§ TASK INPUT
#####

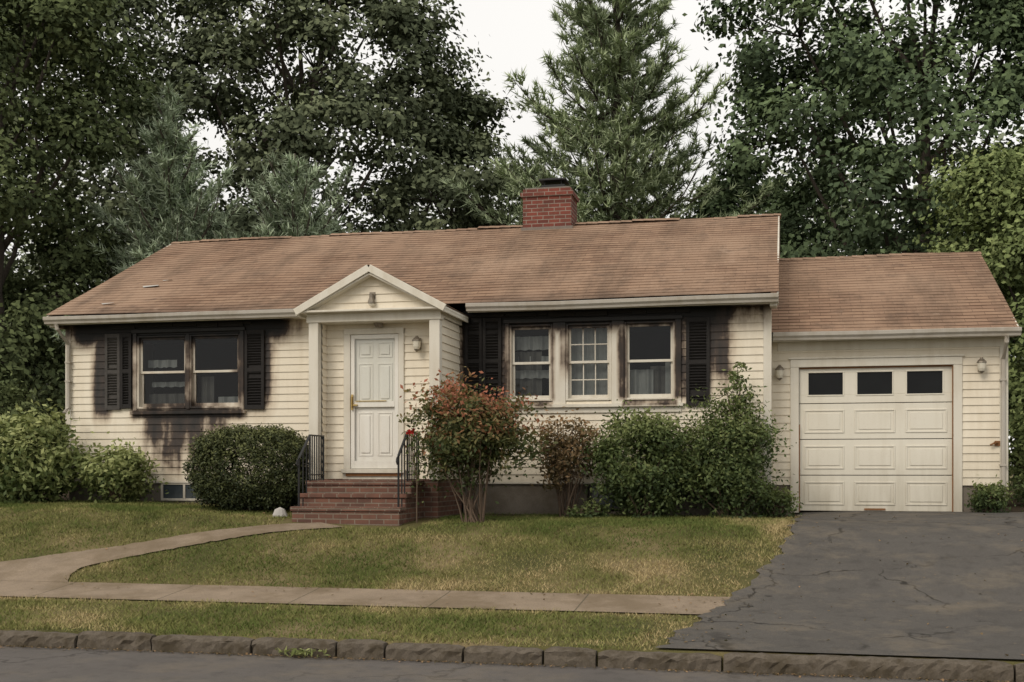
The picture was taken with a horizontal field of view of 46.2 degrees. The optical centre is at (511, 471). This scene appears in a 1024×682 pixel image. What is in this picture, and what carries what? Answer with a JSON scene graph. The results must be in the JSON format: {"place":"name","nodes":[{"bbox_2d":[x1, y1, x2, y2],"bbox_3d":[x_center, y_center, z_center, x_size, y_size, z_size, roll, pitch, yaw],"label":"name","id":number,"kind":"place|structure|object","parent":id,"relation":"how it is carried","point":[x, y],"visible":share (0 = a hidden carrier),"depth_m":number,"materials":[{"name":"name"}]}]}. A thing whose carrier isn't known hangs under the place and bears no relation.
{"place":"outdoors","nodes":[
{"label":"outdoors","id":0,"kind":"place"},
{"bbox_2d":[0,522,344,581],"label":"front path","id":1,"kind":"structure","parent":0,"point":[54,568],"depth_m":14.83,"materials":[{"name":"concrete"}]},
{"bbox_2d":[0,581,729,613],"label":"sidewalk","id":2,"kind":"structure","parent":0,"point":[489,600],"depth_m":12.64,"materials":[{"name":"concrete"}]},
{"bbox_2d":[0,646,1014,681],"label":"road","id":3,"kind":"structure","parent":0,"point":[27,664],"depth_m":9.73,"materials":[{"name":"grey asphalt"}]},
{"bbox_2d":[275,646,327,657],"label":"kerb weed","id":4,"kind":"object","parent":3,"relation":"on","point":[302,652],"visible":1,"depth_m":10.44,"materials":[{"name":"green plant"}]},
{"bbox_2d":[0,508,1022,681],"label":"fallen leaves","id":5,"kind":"object","parent":3,"relation":"on","point":[422,661],"visible":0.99,"depth_m":10.58,"materials":[{"name":"brown plant"}]},
{"bbox_2d":[0,630,1023,681],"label":"granite kerb","id":6,"kind":"structure","parent":3,"relation":"on","point":[899,668],"depth_m":10.05,"materials":[{"name":"stone"}]},
{"bbox_2d":[0,475,1023,669],"bbox_3d":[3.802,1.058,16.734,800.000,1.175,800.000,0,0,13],"label":"ground","id":7,"kind":"structure","parent":0,"point":[743,580],"depth_m":13.70,"materials":[{"name":"green plant"}]},
{"bbox_2d":[0,370,64,498],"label":"dark hedge bush","id":8,"kind":"object","parent":7,"relation":"on","point":[9,398],"visible":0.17,"depth_m":20.43,"materials":[{"name":"green plant"}]},
{"bbox_2d":[0,398,96,503],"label":"rhododendron shrub","id":9,"kind":"object","parent":7,"relation":"on","point":[33,468],"visible":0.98,"depth_m":18.04,"materials":[{"name":"green plant"}]},
{"bbox_2d":[0,0,197,452],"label":"oak tree","id":10,"kind":"object","parent":7,"relation":"on","point":[49,25],"visible":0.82,"depth_m":30.13,"materials":[{"name":"green plant"}]},
{"bbox_2d":[63,431,168,503],"bbox_3d":[-6.040,-0.036,18.288,1.535,1.152,1.407,0,0,-24],"label":"rhododendron shrub","id":11,"kind":"object","parent":7,"relation":"on","point":[116,476],"visible":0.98,"depth_m":18.09,"materials":[{"name":"green plant"}]},
{"bbox_2d":[0,0,232,409],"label":"oak tree","id":12,"kind":"object","parent":7,"relation":"on","point":[137,7],"visible":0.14,"depth_m":41.07,"materials":[{"name":"green plant"}]},
{"bbox_2d":[52,79,244,346],"bbox_3d":[-8.953,-4.672,31.166,6.186,10.890,5.222,0,0,-42],"label":"pine tree","id":13,"kind":"object","parent":7,"relation":"on","point":[170,216],"visible":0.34,"depth_m":30.57,"materials":[{"name":"green plant"}]},
{"bbox_2d":[182,422,308,510],"bbox_3d":[-3.743,-0.055,17.182,1.961,1.338,1.473,0,0,13],"label":"yew bush","id":14,"kind":"object","parent":7,"relation":"on","point":[219,484],"visible":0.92,"depth_m":16.72,"materials":[{"name":"green plant"}]},
{"bbox_2d":[273,507,287,516],"bbox_3d":[-3.173,0.545,16.366,0.220,0.130,0.184,0,0,13],"label":"garden rock","id":15,"kind":"object","parent":7,"relation":"on","point":[280,511],"visible":0.9,"depth_m":16.32,"materials":[{"name":"white stone"}]},
{"bbox_2d":[212,151,356,238],"bbox_3d":[-5.644,-3.825,31.682,6.074,9.197,6.047,0,0,-36],"label":"pine tree","id":16,"kind":"object","parent":7,"relation":"on","point":[297,201],"visible":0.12,"depth_m":30.95,"materials":[{"name":"green plant"}]},
{"bbox_2d":[96,0,525,249],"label":"oak tree","id":17,"kind":"object","parent":7,"relation":"on","point":[403,27],"visible":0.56,"depth_m":42.02,"materials":[{"name":"green plant"}]},
{"bbox_2d":[290,431,423,525],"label":"brick steps","id":18,"kind":"structure","parent":7,"relation":"on","point":[373,502],"depth_m":15.98,"materials":[{"name":"red brick"}]},
{"bbox_2d":[320,479,461,517],"bbox_3d":[-1.789,0.512,17.368,1.855,0.815,1.240,0,0,13],"label":"vestibule base","id":19,"kind":"object","parent":7,"relation":"on","point":[436,504],"visible":0.29,"depth_m":16.68,"materials":[{"name":"brick"}]},
{"bbox_2d":[400,411,428,522],"bbox_3d":[-1.252,-0.067,15.815,0.427,1.476,0.341,0,0,13],"label":"rose plant","id":20,"kind":"object","parent":7,"relation":"on","point":[412,432],"visible":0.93,"depth_m":15.82,"materials":[{"name":"green plant"}]},
{"bbox_2d":[354,71,543,231],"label":"oak tree","id":21,"kind":"object","parent":7,"relation":"on","point":[497,104],"visible":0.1,"depth_m":46.53,"materials":[{"name":"green plant"}]},
{"bbox_2d":[397,366,559,522],"bbox_3d":[-0.537,-0.344,15.897,1.908,2.135,1.940,0,0,-38],"label":"azalea bush","id":22,"kind":"object","parent":7,"relation":"on","point":[469,432],"visible":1,"depth_m":15.70,"materials":[{"name":"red plant"}]},
{"bbox_2d":[5,126,1023,485],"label":"background trees","id":23,"kind":"object","parent":7,"relation":"on","point":[1001,136],"depth_m":52.19,"materials":[{"name":"green plant"}]},
{"bbox_2d":[47,215,1018,512],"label":"trim","id":24,"kind":"structure","parent":7,"relation":"on","point":[435,313],"depth_m":17.06,"materials":[{"name":"white paint"}]},
{"bbox_2d":[346,473,400,475],"bbox_3d":[-1.968,0.040,17.020,0.820,0.040,0.023,0,0,13],"label":"threshold rust","id":25,"kind":"object","parent":24,"relation":"attached to","point":[371,474],"visible":0.86,"depth_m":17.01,"materials":[{"name":"brown metal"}]},
{"bbox_2d":[351,334,397,468],"bbox_3d":[-1.944,-0.998,17.082,0.710,1.905,0.087,0,0,13],"label":"front door","id":26,"kind":"structure","parent":24,"relation":"attached to","point":[374,424],"depth_m":17.08,"materials":[{"name":"white paint"}]},
{"bbox_2d":[351,395,385,409],"bbox_3d":[-2.037,-0.990,17.032,0.520,0.220,0.052,0,0,13],"label":"door handle","id":27,"kind":"object","parent":26,"relation":"attached to","point":[352,404],"visible":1,"depth_m":17.07,"materials":[{"name":"gold metal"}]},
{"bbox_2d":[161,483,619,508],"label":"basement windows","id":28,"kind":"structure","parent":24,"relation":"attached to","point":[179,491],"depth_m":18.76,"materials":[{"name":"white paint"}]},
{"bbox_2d":[111,308,689,328],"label":"charred boards","id":29,"kind":"object","parent":24,"relation":"on","point":[549,314],"visible":0.98,"depth_m":17.52,"materials":[{"name":"black wood"}]},
{"bbox_2d":[139,320,670,409],"bbox_3d":[-1.044,-1.005,21.131,10.900,2.650,8.170,0,0,13],"label":"interior","id":30,"kind":"object","parent":24,"relation":"attached to","point":[651,342],"visible":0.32,"depth_m":21.40,"materials":[{"name":"black"}]},
{"bbox_2d":[148,328,670,408],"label":"curtains","id":31,"kind":"object","parent":30,"relation":"attached to","point":[651,380],"visible":0.76,"depth_m":17.58,"materials":[{"name":"fabric"}]},
{"bbox_2d":[141,323,672,406],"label":"window sashes","id":32,"kind":"object","parent":24,"relation":"attached to","point":[514,363],"depth_m":17.50,"materials":[{"name":"white wood"}]},
{"bbox_2d":[105,317,709,409],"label":"shutters","id":33,"kind":"object","parent":24,"relation":"attached to","point":[118,371],"visible":0.94,"depth_m":17.69,"materials":[{"name":"black wood"}]},
{"bbox_2d":[54,323,1008,500],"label":"downspouts","id":34,"kind":"object","parent":24,"relation":"attached to","point":[1003,380],"visible":0.91,"depth_m":16.59,"materials":[{"name":"paint"}]},
{"bbox_2d":[46,215,1018,332],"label":"roof shingles","id":35,"kind":"object","parent":24,"relation":"on","point":[457,270],"visible":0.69,"depth_m":19.01,"materials":[{"name":"brown"}]},
{"bbox_2d":[520,187,578,227],"bbox_3d":[0.677,-4.315,21.258,0.930,1.270,0.670,0,0,13],"label":"chimney","id":36,"kind":"object","parent":35,"relation":"on","point":[547,207],"visible":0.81,"depth_m":20.97,"materials":[{"name":"red brick"}]},
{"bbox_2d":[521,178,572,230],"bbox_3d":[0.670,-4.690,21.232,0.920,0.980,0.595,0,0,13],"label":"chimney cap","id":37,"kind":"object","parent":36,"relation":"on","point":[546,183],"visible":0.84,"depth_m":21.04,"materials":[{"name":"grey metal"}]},
{"bbox_2d":[43,293,1021,340],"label":"gutters","id":38,"kind":"object","parent":24,"relation":"attached to","point":[697,300],"visible":0.99,"depth_m":16.88,"materials":[{"name":"paint"}]},
{"bbox_2d":[67,276,999,484],"bbox_3d":[0.482,-2.045,20.626,14.236,4.470,8.716,0,0,13],"label":"siding","id":39,"kind":"object","parent":24,"relation":"attached to","point":[736,333],"visible":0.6,"depth_m":17.30,"materials":[{"name":"beige paint"}]},
{"bbox_2d":[990,441,999,445],"bbox_3d":[6.700,-0.395,16.645,0.152,0.071,0.057,0,0,-23],"label":"hose bib","id":40,"kind":"object","parent":39,"relation":"attached to","point":[996,443],"visible":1,"depth_m":16.64,"materials":[{"name":"brown metal"}]},
{"bbox_2d":[170,213,981,259],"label":"ridge caps","id":41,"kind":"object","parent":24,"relation":"attached to","point":[643,220],"visible":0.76,"depth_m":20.99,"materials":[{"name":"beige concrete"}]},
{"bbox_2d":[368,292,986,380],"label":"wall lamps","id":42,"kind":"object","parent":24,"relation":"attached to","point":[779,369],"depth_m":16.74,"materials":[{"name":"metal"}]},
{"bbox_2d":[799,368,943,475],"bbox_3d":[5.377,-0.580,18.027,2.100,2.400,0.020,0,0,13],"label":"garage interior","id":43,"kind":"object","parent":24,"relation":"attached to","point":[866,439],"depth_m":18.06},
{"bbox_2d":[799,366,951,511],"bbox_3d":[5.165,-0.465,17.090,2.090,2.050,0.052,0,0,13],"label":"garage door","id":44,"kind":"structure","parent":24,"relation":"attached to","point":[901,436],"depth_m":17.07,"materials":[{"name":"paint"}]},
{"bbox_2d":[799,365,952,511],"bbox_3d":[5.154,-0.465,17.038,2.096,2.069,0.067,0,0,13],"label":"garage door weatherstrip","id":45,"kind":"object","parent":24,"relation":"attached to","point":[885,367],"visible":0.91,"depth_m":17.03,"materials":[{"name":"rubber"}]},
{"bbox_2d":[69,483,1004,515],"bbox_3d":[0.627,0.585,21.250,14.168,0.870,7.378,0,0,13],"label":"foundation","id":46,"kind":"object","parent":7,"relation":"on","point":[524,498],"visible":0.09,"depth_m":17.55,"materials":[{"name":"concrete"}]},
{"bbox_2d":[522,406,614,516],"bbox_3d":[0.749,-0.117,16.806,1.400,1.608,1.220,0,0,-16],"label":"withered azalea bush","id":47,"kind":"object","parent":7,"relation":"on","point":[558,463],"visible":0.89,"depth_m":16.66,"materials":[{"name":"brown plant"}]},
{"bbox_2d":[562,496,615,517],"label":"weed clump","id":48,"kind":"object","parent":7,"relation":"on","point":[590,509],"visible":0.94,"depth_m":16.33,"materials":[{"name":"green plant"}]},
{"bbox_2d":[439,0,789,225],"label":"white pine tree","id":49,"kind":"object","parent":7,"relation":"on","point":[619,135],"visible":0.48,"depth_m":38.87,"materials":[{"name":"green plant"}]},
{"bbox_2d":[580,399,710,517],"bbox_3d":[1.774,-0.149,16.447,1.733,1.681,1.791,0,0,-39],"label":"green bush","id":50,"kind":"object","parent":7,"relation":"on","point":[625,483],"visible":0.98,"depth_m":16.13,"materials":[{"name":"green plant"}]},
{"bbox_2d":[653,376,797,518],"bbox_3d":[2.854,-0.314,16.254,1.732,2.003,1.786,0,0,-26],"label":"green bush","id":51,"kind":"object","parent":7,"relation":"on","point":[726,481],"visible":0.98,"depth_m":16.06,"materials":[{"name":"green plant"}]},
{"bbox_2d":[718,361,767,515],"bbox_3d":[3.156,-0.423,16.415,0.678,2.203,0.579,0,0,13],"label":"young sapling","id":52,"kind":"object","parent":7,"relation":"on","point":[737,376],"visible":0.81,"depth_m":16.37,"materials":[{"name":"green plant"}]},
{"bbox_2d":[669,146,820,253],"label":"maple tree","id":53,"kind":"object","parent":7,"relation":"on","point":[726,201],"visible":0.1,"depth_m":44.08,"materials":[{"name":"green plant"}]},
{"bbox_2d":[749,484,803,517],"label":"weed clump","id":54,"kind":"object","parent":7,"relation":"on","point":[775,508],"visible":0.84,"depth_m":16.34,"materials":[{"name":"green plant"}]},
{"bbox_2d":[682,0,1023,438],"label":"maple tree","id":55,"kind":"object","parent":7,"relation":"on","point":[855,67],"visible":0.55,"depth_m":32.15,"materials":[{"name":"green plant"}]},
{"bbox_2d":[903,121,1023,491],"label":"cherry tree","id":56,"kind":"object","parent":7,"relation":"on","point":[993,184],"visible":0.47,"depth_m":24.38,"materials":[{"name":"green plant"}]},
{"bbox_2d":[964,474,1015,512],"bbox_3d":[6.543,0.332,16.451,0.653,0.612,0.726,0,0,13],"label":"weed clump","id":57,"kind":"object","parent":7,"relation":"on","point":[988,498],"visible":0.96,"depth_m":16.39,"materials":[{"name":"green plant"}]},
{"bbox_2d":[1001,13,1023,369],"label":"maple tree","id":58,"kind":"object","parent":7,"relation":"on","point":[1003,68],"visible":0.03,"depth_m":34.33,"materials":[{"name":"green plant"}]},
{"bbox_2d":[1007,388,1023,504],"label":"side hedge bush","id":59,"kind":"object","parent":7,"relation":"on","point":[1019,436],"visible":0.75,"depth_m":20.46,"materials":[{"name":"green plant"}]},
{"bbox_2d":[1009,473,1023,511],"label":"weed clump","id":60,"kind":"object","parent":7,"relation":"on","point":[1014,485],"visible":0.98,"depth_m":16.95,"materials":[{"name":"green plant"}]},
{"bbox_2d":[1,0,1023,452],"label":"sky","id":61,"kind":"structure","parent":0,"point":[515,33],"materials":[{"name":"white"}]},
{"bbox_2d":[655,511,1023,658],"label":"driveway","id":62,"kind":"structure","parent":0,"point":[953,552],"depth_m":12.13,"materials":[{"name":"grey asphalt"}]}
]}

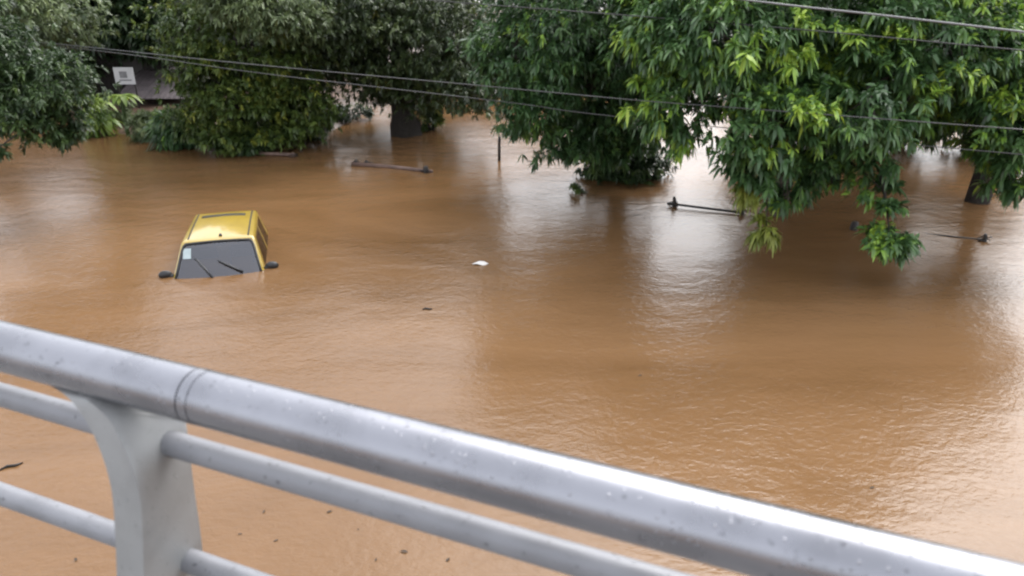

#####

§ WHAT YOU SHOULD DO
Please show the lines of the material that contain the string "outdoors".

§ TASK RESULT
{"place":"outdoors","nodes":[
{"label":"outdoors","id":0,"kind":"place"},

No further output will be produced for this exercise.